Task statement: Output each record exactly as given. Leave out every picture.

*** Block opens ***

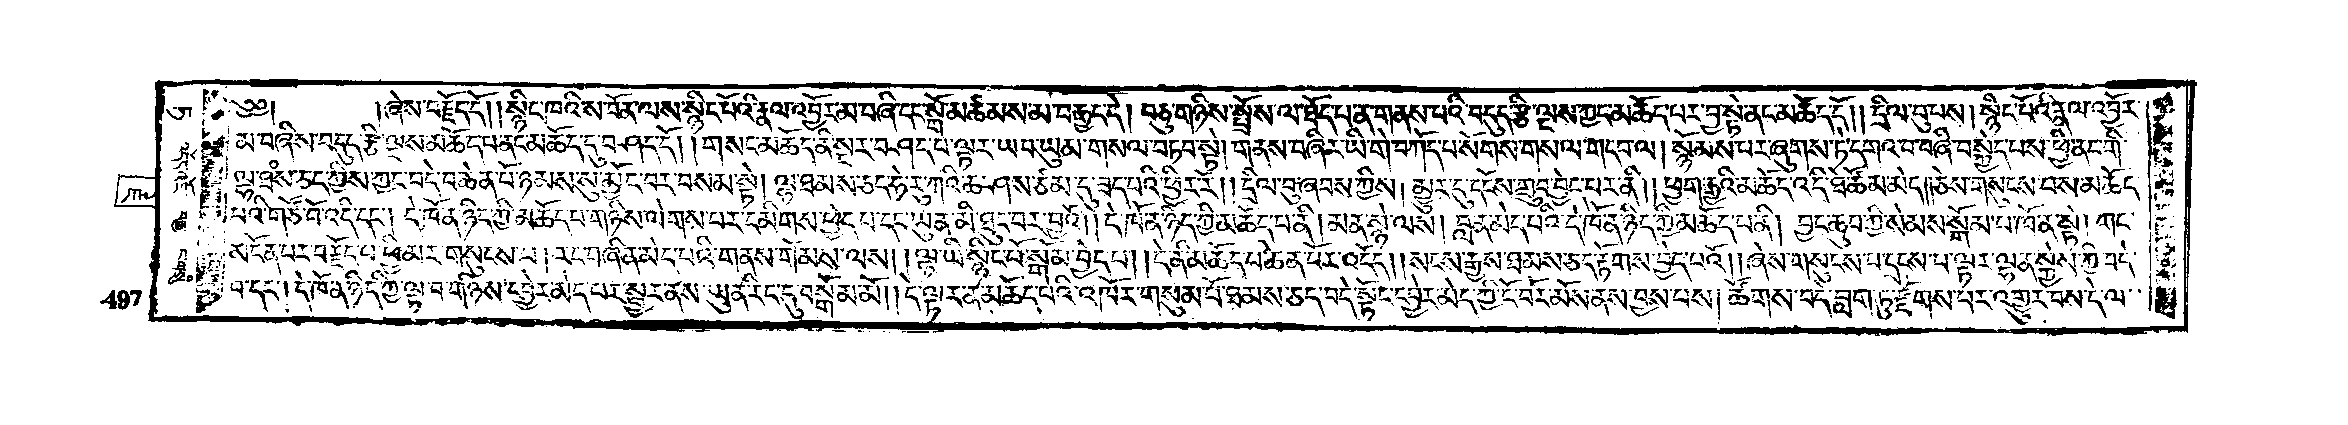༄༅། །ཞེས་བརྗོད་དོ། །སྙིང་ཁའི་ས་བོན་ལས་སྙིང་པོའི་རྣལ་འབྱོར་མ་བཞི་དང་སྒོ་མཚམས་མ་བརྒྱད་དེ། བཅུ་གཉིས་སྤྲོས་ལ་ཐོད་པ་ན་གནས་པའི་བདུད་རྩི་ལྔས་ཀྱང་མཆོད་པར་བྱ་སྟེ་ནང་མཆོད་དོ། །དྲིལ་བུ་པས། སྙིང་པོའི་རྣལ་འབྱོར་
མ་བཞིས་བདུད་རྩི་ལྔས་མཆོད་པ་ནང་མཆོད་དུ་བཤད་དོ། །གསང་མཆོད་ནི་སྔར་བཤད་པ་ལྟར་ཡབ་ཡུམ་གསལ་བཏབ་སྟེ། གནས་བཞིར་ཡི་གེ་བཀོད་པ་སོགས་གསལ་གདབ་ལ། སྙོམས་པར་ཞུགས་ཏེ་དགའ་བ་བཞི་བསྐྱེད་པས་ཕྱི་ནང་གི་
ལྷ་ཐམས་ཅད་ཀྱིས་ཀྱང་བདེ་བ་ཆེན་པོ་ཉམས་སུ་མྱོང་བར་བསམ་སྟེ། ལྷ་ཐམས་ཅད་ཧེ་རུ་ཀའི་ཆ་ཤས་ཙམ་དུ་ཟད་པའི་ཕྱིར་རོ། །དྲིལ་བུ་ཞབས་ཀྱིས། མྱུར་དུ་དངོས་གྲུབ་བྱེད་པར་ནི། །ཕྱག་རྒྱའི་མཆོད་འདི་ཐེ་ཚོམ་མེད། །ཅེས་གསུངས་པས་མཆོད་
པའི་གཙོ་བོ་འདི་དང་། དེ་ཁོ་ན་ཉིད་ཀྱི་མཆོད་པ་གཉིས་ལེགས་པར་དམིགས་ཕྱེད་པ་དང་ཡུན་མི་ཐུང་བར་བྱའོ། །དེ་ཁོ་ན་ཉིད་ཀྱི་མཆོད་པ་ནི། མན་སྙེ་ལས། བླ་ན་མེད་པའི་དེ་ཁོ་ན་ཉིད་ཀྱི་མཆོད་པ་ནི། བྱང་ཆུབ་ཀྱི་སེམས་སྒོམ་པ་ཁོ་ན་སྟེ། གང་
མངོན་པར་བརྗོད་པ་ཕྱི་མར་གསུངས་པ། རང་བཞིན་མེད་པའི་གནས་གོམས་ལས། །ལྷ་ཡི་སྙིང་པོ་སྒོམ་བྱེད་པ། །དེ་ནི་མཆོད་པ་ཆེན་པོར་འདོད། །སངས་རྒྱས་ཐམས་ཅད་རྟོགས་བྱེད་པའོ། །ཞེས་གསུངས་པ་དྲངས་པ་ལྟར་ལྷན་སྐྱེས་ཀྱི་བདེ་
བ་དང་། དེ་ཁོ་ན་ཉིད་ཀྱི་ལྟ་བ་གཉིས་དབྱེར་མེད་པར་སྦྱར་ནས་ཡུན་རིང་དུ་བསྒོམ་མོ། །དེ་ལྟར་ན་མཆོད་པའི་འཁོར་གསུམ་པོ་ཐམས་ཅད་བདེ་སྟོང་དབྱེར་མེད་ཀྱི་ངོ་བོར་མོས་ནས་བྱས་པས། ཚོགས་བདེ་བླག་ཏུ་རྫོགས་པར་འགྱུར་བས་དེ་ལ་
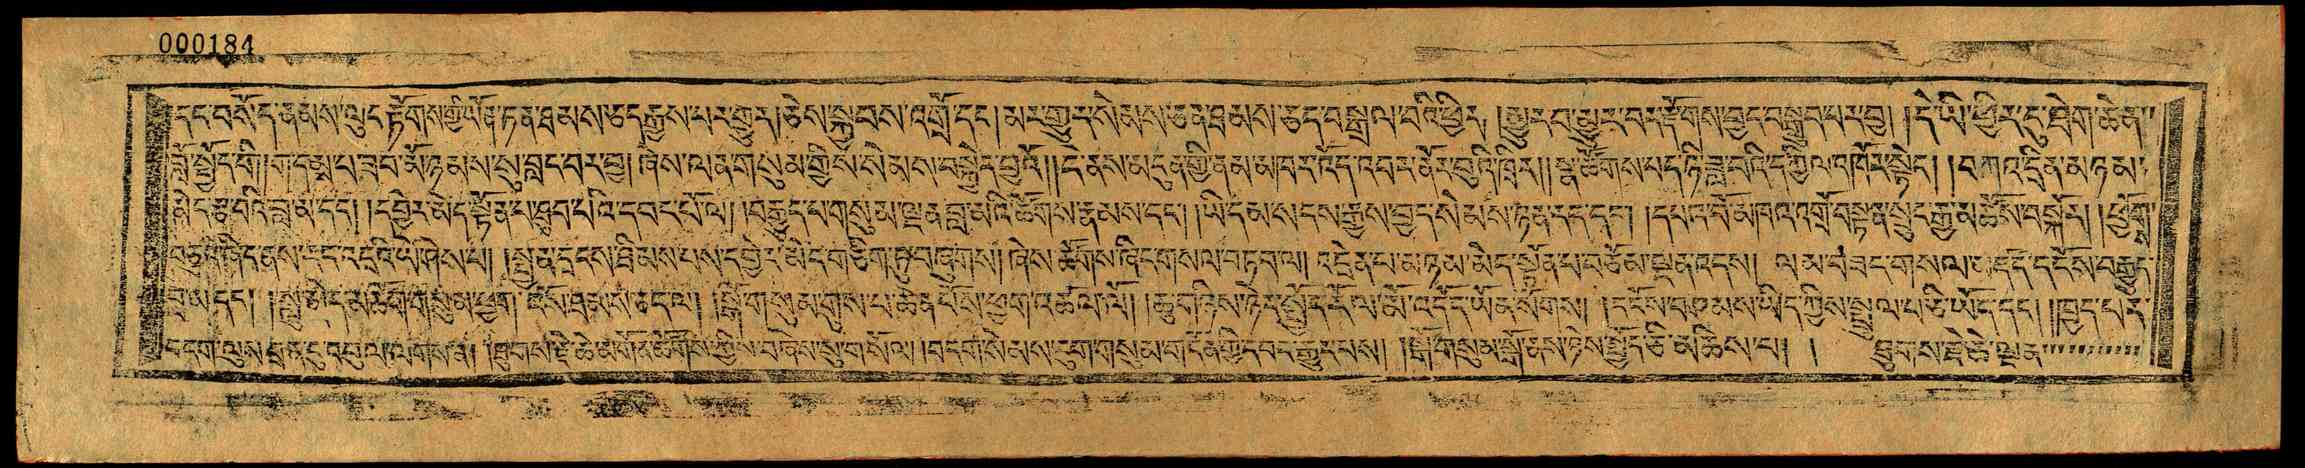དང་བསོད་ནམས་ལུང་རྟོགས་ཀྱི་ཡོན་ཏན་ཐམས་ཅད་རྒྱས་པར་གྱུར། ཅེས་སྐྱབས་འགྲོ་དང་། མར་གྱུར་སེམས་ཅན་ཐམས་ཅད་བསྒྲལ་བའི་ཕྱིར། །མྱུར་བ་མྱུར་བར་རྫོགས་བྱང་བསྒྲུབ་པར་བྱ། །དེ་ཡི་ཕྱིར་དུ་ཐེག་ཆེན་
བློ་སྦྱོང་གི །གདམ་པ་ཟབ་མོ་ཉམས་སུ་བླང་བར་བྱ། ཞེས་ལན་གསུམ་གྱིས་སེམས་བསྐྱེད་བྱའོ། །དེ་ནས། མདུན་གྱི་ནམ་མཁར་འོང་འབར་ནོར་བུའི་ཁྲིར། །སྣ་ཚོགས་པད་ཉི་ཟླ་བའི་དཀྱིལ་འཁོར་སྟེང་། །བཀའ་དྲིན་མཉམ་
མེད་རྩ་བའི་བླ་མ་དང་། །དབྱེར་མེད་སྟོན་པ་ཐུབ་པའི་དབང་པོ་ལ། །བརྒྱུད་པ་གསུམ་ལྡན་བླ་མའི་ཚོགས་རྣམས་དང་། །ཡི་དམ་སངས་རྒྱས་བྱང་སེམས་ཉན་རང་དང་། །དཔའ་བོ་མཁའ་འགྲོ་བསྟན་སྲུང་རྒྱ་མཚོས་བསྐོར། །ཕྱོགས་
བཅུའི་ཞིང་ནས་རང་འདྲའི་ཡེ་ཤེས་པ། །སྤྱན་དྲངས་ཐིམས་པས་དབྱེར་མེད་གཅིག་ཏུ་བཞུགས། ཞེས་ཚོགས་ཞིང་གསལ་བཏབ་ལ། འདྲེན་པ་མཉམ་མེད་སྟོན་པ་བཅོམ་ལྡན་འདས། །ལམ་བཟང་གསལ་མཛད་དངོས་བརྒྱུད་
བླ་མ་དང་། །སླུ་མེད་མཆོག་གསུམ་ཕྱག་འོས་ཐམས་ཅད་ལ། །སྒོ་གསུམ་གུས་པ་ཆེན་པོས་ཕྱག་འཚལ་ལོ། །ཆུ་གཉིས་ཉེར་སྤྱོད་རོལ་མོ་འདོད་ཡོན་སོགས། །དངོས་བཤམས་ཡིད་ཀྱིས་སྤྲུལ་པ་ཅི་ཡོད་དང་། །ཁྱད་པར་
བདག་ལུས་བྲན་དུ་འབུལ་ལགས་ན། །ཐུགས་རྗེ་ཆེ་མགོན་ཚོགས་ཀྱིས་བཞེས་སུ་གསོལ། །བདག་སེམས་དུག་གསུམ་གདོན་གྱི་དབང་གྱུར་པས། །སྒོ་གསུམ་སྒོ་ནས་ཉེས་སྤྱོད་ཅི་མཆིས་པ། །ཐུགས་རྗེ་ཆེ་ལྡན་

*** Block closes ***

Expected output:
༄༅། །ཞེས་བརྗོད་དོ། །སྙིང་ཁའི་ས་བོན་ལས་སྙིང་པོའི་རྣལ་འབྱོར་མ་བཞི་དང་སྒོ་མཚམས་མ་བརྒྱད་དེ། བཅུ་གཉིས་སྤྲོས་ལ་ཐོད་པ་ན་གནས་པའི་བདུད་རྩི་ལྔས་ཀྱང་མཆོད་པར་བྱ་སྟེ་ནང་མཆོད་དོ། །དྲིལ་བུ་པས། སྙིང་པོའི་རྣལ་འབྱོར་
མ་བཞིས་བདུད་རྩི་ལྔས་མཆོད་པ་ནང་མཆོད་དུ་བཤད་དོ། །གསང་མཆོད་ནི་སྔར་བཤད་པ་ལྟར་ཡབ་ཡུམ་གསལ་བཏབ་སྟེ། གནས་བཞིར་ཡི་གེ་བཀོད་པ་སོགས་གསལ་གདབ་ལ། སྙོམས་པར་ཞུགས་ཏེ་དགའ་བ་བཞི་བསྐྱེད་པས་ཕྱི་ནང་གི་
ལྷ་ཐམས་ཅད་ཀྱིས་ཀྱང་བདེ་བ་ཆེན་པོ་ཉམས་སུ་མྱོང་བར་བསམ་སྟེ། ལྷ་ཐམས་ཅད་ཧེ་རུ་ཀའི་ཆ་ཤས་ཙམ་དུ་ཟད་པའི་ཕྱིར་རོ། །དྲིལ་བུ་ཞབས་ཀྱིས། མྱུར་དུ་དངོས་གྲུབ་བྱེད་པར་ནི། །ཕྱག་རྒྱའི་མཆོད་འདི་ཐེ་ཚོམ་མེད། །ཅེས་གསུངས་པས་མཆོད་
པའི་གཙོ་བོ་འདི་དང་། དེ་ཁོ་ན་ཉིད་ཀྱི་མཆོད་པ་གཉིས་ལེགས་པར་དམིགས་ཕྱེད་པ་དང་ཡུན་མི་ཐུང་བར་བྱའོ། །དེ་ཁོ་ན་ཉིད་ཀྱི་མཆོད་པ་ནི། མན་སྙེ་ལས། བླ་ན་མེད་པའི་དེ་ཁོ་ན་ཉིད་ཀྱི་མཆོད་པ་ནི། བྱང་ཆུབ་ཀྱི་སེམས་སྒོམ་པ་ཁོ་ན་སྟེ། གང་
མངོན་པར་བརྗོད་པ་ཕྱི་མར་གསུངས་པ། རང་བཞིན་མེད་པའི་གནས་གོམས་ལས། །ལྷ་ཡི་སྙིང་པོ་སྒོམ་བྱེད་པ། །དེ་ནི་མཆོད་པ་ཆེན་པོར་འདོད། །སངས་རྒྱས་ཐམས་ཅད་རྟོགས་བྱེད་པའོ། །ཞེས་གསུངས་པ་དྲངས་པ་ལྟར་ལྷན་སྐྱེས་ཀྱི་བདེ་
བ་དང་། དེ་ཁོ་ན་ཉིད་ཀྱི་ལྟ་བ་གཉིས་དབྱེར་མེད་པར་སྦྱར་ནས་ཡུན་རིང་དུ་བསྒོམ་མོ། །དེ་ལྟར་ན་མཆོད་པའི་འཁོར་གསུམ་པོ་ཐམས་ཅད་བདེ་སྟོང་དབྱེར་མེད་ཀྱི་ངོ་བོར་མོས་ནས་བྱས་པས། ཚོགས་བདེ་བླག་ཏུ་རྫོགས་པར་འགྱུར་བས་དེ་ལ་
དང་བསོད་ནམས་ལུང་རྟོགས་ཀྱི་ཡོན་ཏན་ཐམས་ཅད་རྒྱས་པར་གྱུར། ཅེས་སྐྱབས་འགྲོ་དང་། མར་གྱུར་སེམས་ཅན་ཐམས་ཅད་བསྒྲལ་བའི་ཕྱིར། །མྱུར་བ་མྱུར་བར་རྫོགས་བྱང་བསྒྲུབ་པར་བྱ། །དེ་ཡི་ཕྱིར་དུ་ཐེག་ཆེན་
བློ་སྦྱོང་གི །གདམ་པ་ཟབ་མོ་ཉམས་སུ་བླང་བར་བྱ། ཞེས་ལན་གསུམ་གྱིས་སེམས་བསྐྱེད་བྱའོ། །དེ་ནས། མདུན་གྱི་ནམ་མཁར་འོང་འབར་ནོར་བུའི་ཁྲིར། །སྣ་ཚོགས་པད་ཉི་ཟླ་བའི་དཀྱིལ་འཁོར་སྟེང་། །བཀའ་དྲིན་མཉམ་
མེད་རྩ་བའི་བླ་མ་དང་། །དབྱེར་མེད་སྟོན་པ་ཐུབ་པའི་དབང་པོ་ལ། །བརྒྱུད་པ་གསུམ་ལྡན་བླ་མའི་ཚོགས་རྣམས་དང་། །ཡི་དམ་སངས་རྒྱས་བྱང་སེམས་ཉན་རང་དང་། །དཔའ་བོ་མཁའ་འགྲོ་བསྟན་སྲུང་རྒྱ་མཚོས་བསྐོར། །ཕྱོགས་
བཅུའི་ཞིང་ནས་རང་འདྲའི་ཡེ་ཤེས་པ། །སྤྱན་དྲངས་ཐིམས་པས་དབྱེར་མེད་གཅིག་ཏུ་བཞུགས། ཞེས་ཚོགས་ཞིང་གསལ་བཏབ་ལ། འདྲེན་པ་མཉམ་མེད་སྟོན་པ་བཅོམ་ལྡན་འདས། །ལམ་བཟང་གསལ་མཛད་དངོས་བརྒྱུད་
བླ་མ་དང་། །སླུ་མེད་མཆོག་གསུམ་ཕྱག་འོས་ཐམས་ཅད་ལ། །སྒོ་གསུམ་གུས་པ་ཆེན་པོས་ཕྱག་འཚལ་ལོ། །ཆུ་གཉིས་ཉེར་སྤྱོད་རོལ་མོ་འདོད་ཡོན་སོགས། །དངོས་བཤམས་ཡིད་ཀྱིས་སྤྲུལ་པ་ཅི་ཡོད་དང་། །ཁྱད་པར་
བདག་ལུས་བྲན་དུ་འབུལ་ལགས་ན། །ཐུགས་རྗེ་ཆེ་མགོན་ཚོགས་ཀྱིས་བཞེས་སུ་གསོལ། །བདག་སེམས་དུག་གསུམ་གདོན་གྱི་དབང་གྱུར་པས། །སྒོ་གསུམ་སྒོ་ནས་ཉེས་སྤྱོད་ཅི་མཆིས་པ། །ཐུགས་རྗེ་ཆེ་ལྡན་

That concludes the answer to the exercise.